CD4049 flip flop question

[Groovenut]

Today I was experimenting with this circuit snippet from R.G.s 4053 bypass article


I accidentally connected like this


The flip flop still functions. Are there any issues with this connection?

Also, if I wanted to guarantee power on state to output high, could I connect a small cap from VCC to pin 5 (my schematic, pin 7 on R.G.s) or if I wanted to guarantee on state to output low connect said small cap from VSS to pin5 (pin 7)?

In my experiments this appears to work fine without any additional current draw or switching irregularities.

[R.G.]

Interesting. I would have thought that it wouldn't operate. Shows what I know. But now that I think about it, there has to be some minimum value for the cap to ground to make it work.

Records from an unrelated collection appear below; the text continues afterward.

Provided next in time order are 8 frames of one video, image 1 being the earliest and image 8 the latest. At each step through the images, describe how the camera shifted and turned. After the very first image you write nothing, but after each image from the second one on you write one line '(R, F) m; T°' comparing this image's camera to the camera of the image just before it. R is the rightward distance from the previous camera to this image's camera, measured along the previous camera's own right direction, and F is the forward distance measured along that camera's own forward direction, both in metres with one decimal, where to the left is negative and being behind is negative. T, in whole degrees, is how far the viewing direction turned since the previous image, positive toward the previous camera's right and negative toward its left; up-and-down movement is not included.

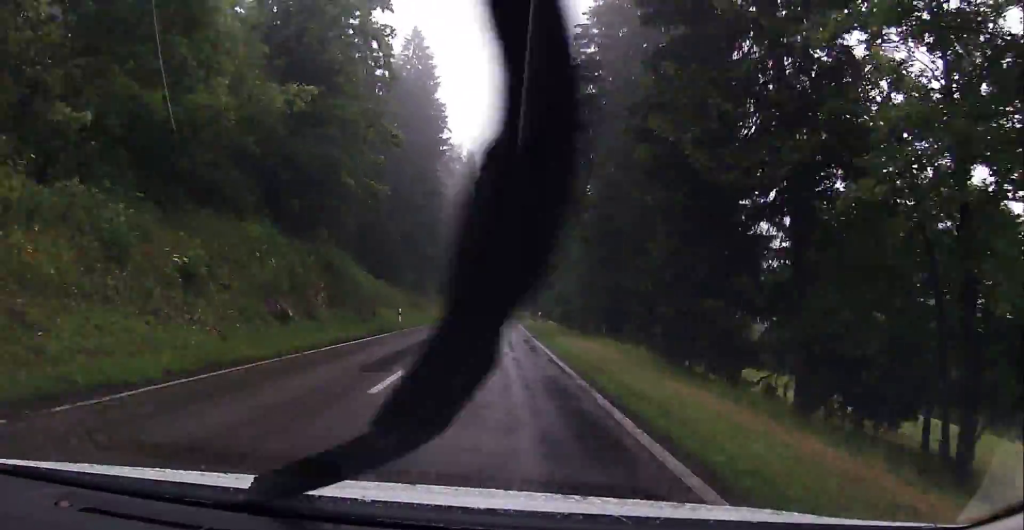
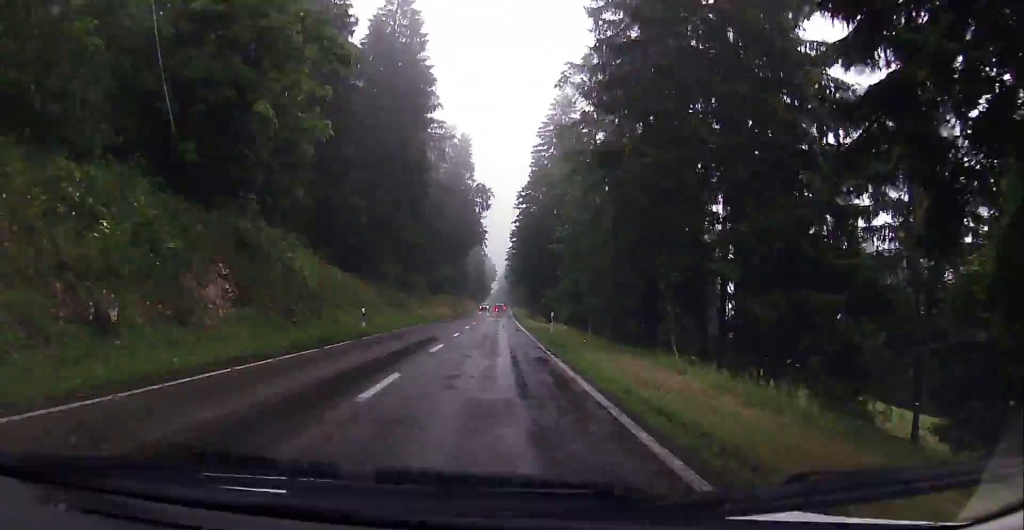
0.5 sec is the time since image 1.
(0.0, +9.8) m; 0°
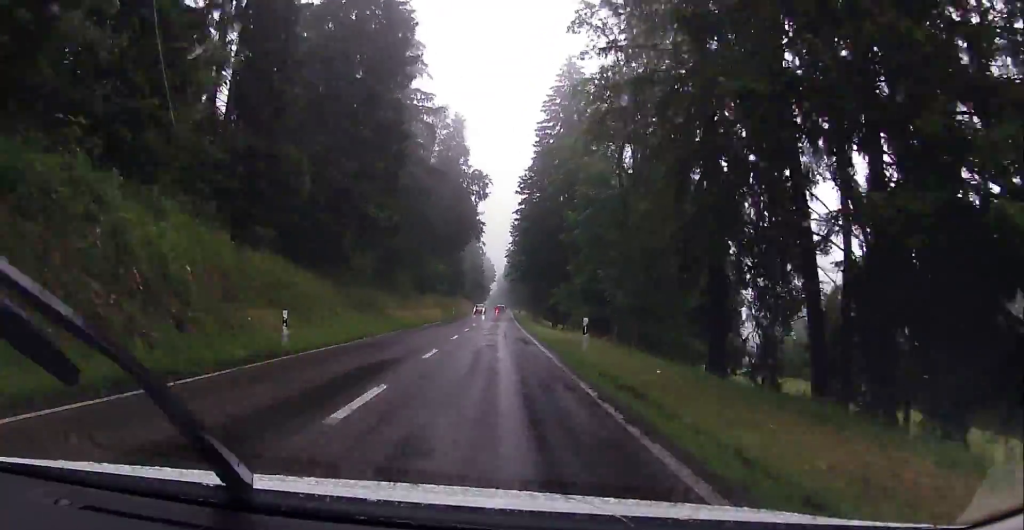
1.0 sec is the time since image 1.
(0.0, +10.6) m; +1°
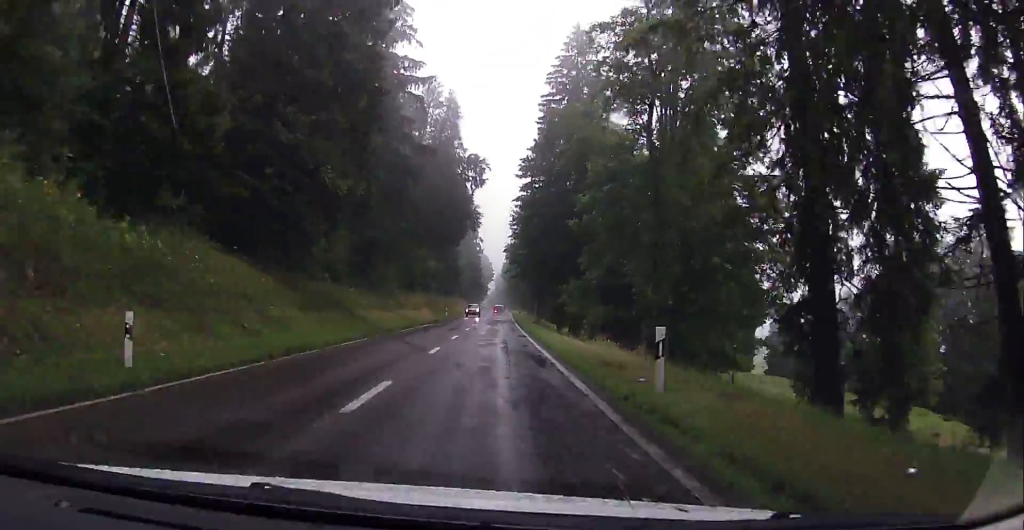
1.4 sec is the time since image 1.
(0.0, +8.0) m; +1°
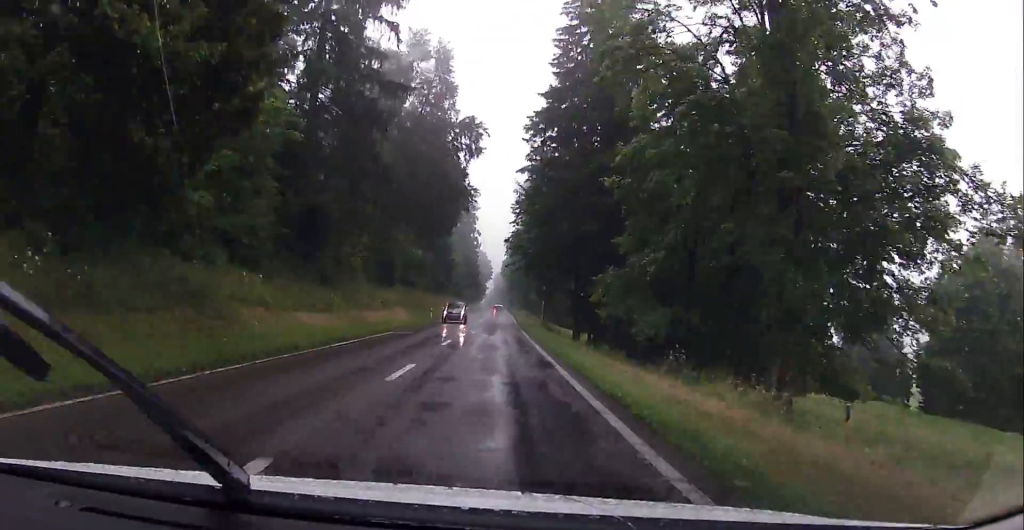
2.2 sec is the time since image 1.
(+0.2, +14.7) m; +1°
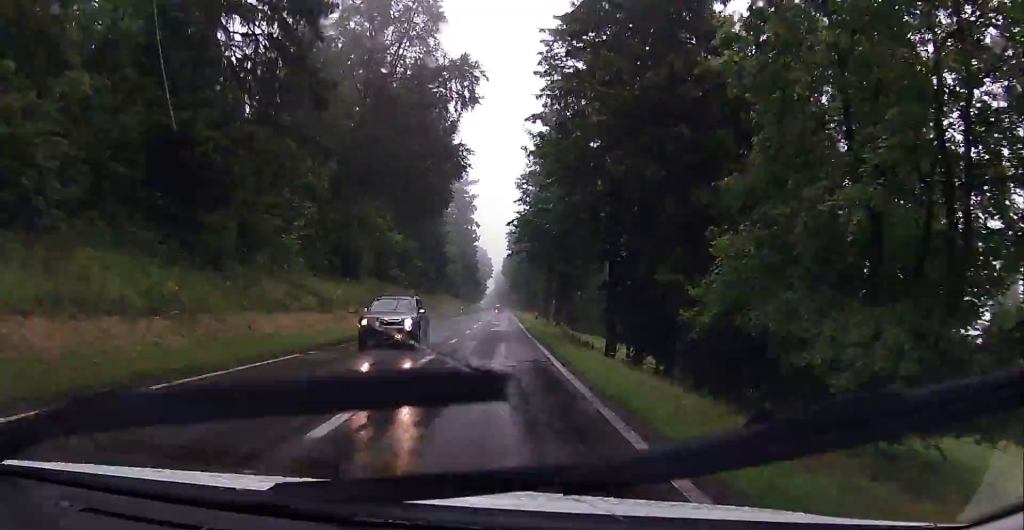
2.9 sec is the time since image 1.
(+0.2, +15.0) m; 0°
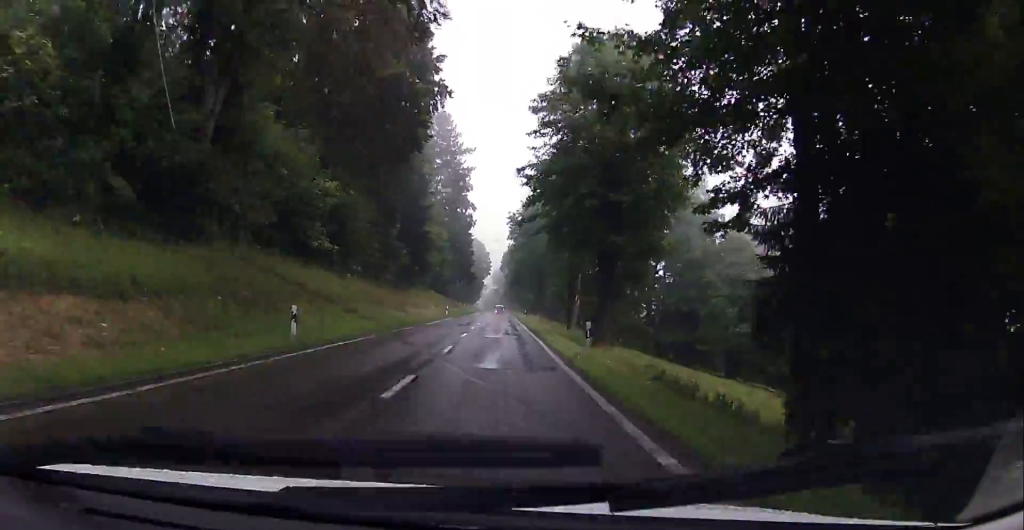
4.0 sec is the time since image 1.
(-0.5, +22.9) m; -2°
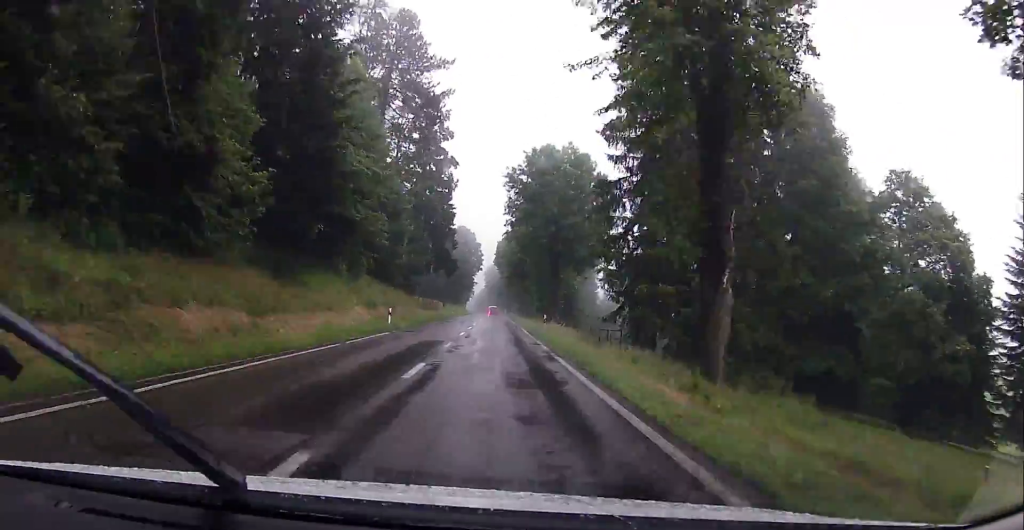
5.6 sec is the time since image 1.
(+0.9, +33.7) m; +2°

Here's how the first FF works. The 7-6 inverter has an output which is the reverse of its input state (duuh, it's an inverter). The cap to ground eventually pulls up to the output voltage on pin 6 and just sits there. Meanwhile,  the 5-4 inverter inverts the pin 6 logic value and drives pin 7 with that inverted-inverted signal through the around-two-stages feedback resistor, so this reinforces the condition that 7-6 was already in, and the two inverters hold themselves in the state they're in already.

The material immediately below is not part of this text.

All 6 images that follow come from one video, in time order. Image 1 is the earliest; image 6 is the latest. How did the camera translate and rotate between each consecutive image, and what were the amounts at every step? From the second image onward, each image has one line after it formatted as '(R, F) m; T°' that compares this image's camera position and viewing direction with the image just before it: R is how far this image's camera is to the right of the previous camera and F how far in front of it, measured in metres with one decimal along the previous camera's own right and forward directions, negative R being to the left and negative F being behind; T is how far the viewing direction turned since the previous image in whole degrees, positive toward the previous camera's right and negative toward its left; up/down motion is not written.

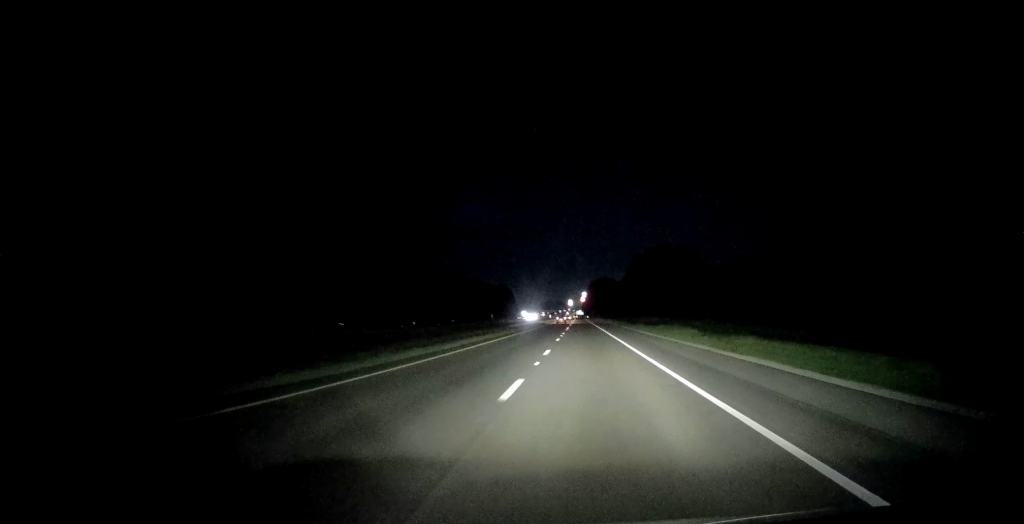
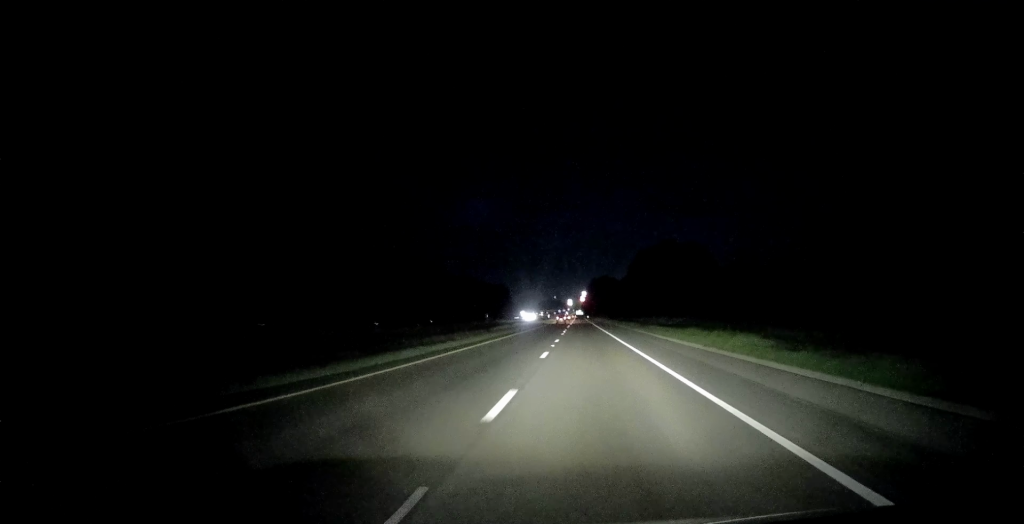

When the pushbutton is pushed, it temporarily connects the cap to the pin-7 input. The cap is charged to the opposite logic state of the pin 7 input, and is a low enough impedance to drag the high impedance pin 7 input along with it. The 5-4 inverter output doesn't like this, particularly, but is separated from the pin 7 input by that 100K resistor, so the cap wins. The 7-6 inverter changes state.

This would be a timing issue, but the cap can't instantly change state because of the resistor in series with it. So pin 6 inverts, which makes the 5-4 inverter change, and reinforce what the cap is telling the pin 7 input to do. The flop has flipped and is now stable in the new state.

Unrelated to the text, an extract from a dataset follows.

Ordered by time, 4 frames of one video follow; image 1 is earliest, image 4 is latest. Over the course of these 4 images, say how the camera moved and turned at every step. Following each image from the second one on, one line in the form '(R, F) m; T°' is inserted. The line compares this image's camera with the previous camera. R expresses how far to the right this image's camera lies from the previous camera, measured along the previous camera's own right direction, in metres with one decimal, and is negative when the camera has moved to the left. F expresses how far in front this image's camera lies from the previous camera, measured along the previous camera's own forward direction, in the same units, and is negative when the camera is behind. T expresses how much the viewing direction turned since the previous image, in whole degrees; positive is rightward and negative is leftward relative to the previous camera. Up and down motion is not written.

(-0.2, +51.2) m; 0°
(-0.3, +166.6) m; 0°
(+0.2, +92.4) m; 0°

Your connection apparently does work, but it does so the hard way. The cap has enough charge stored to temporarily overwhelm the pin 4 OUTPUT, unprotected by a resistor, and forces the pin 11 input AND the pin 4 output to change state at the same time. It's got to be based on how much charge is stored in the cap, and there has to be some value of capacitor below which it will not work.

If it's at all possible, get a resistor after pin 4 and before the connection of pin 11 and the pushbutton. It will be less demanding on the cap, and lower the current pulses you see on the power supply when the cap and pin 4 duke it out.

[Groovenut]

That it works seems to be somewhat load dependent and precariously balanced. I had it driving a totem pole latching relay driver and it worked very consistently driving about 500uA. It's too temperamental to use, IMO, but thought it would be an interesting discussion that it worked at all.

Thanks RG!!

Oh and do you have any suggestions for a way to guarantee power on state?

[anotherjim]

Possible the unrestricted pulse of current from operation will pass down a daisy-chain power supply to make it & any other active pedals pop. The inverter output mosfets have some "on" resistance which you are relying on. Try to find the lowest value to fit in series with the switch so there is some limiting. Maybe 470R to 1k will be ok.

I'd expect the cap to be discharged at power on giving a low output state from 2nd inverter. A reverse diode - anode to switched end of the cap to +supply should ensure this - it would bleed off cap charge (if cap was charged high) into the supply when power goes off as the chip supply volts falls.
Then you have the 1st inverter output always high on power up. If a 3rd inverter is free, you can always add that to output high from the 2nd inverter.

[Groovenut]

R.G.

Is there any reason a 40106 would not sub for the 4049 in this circuit?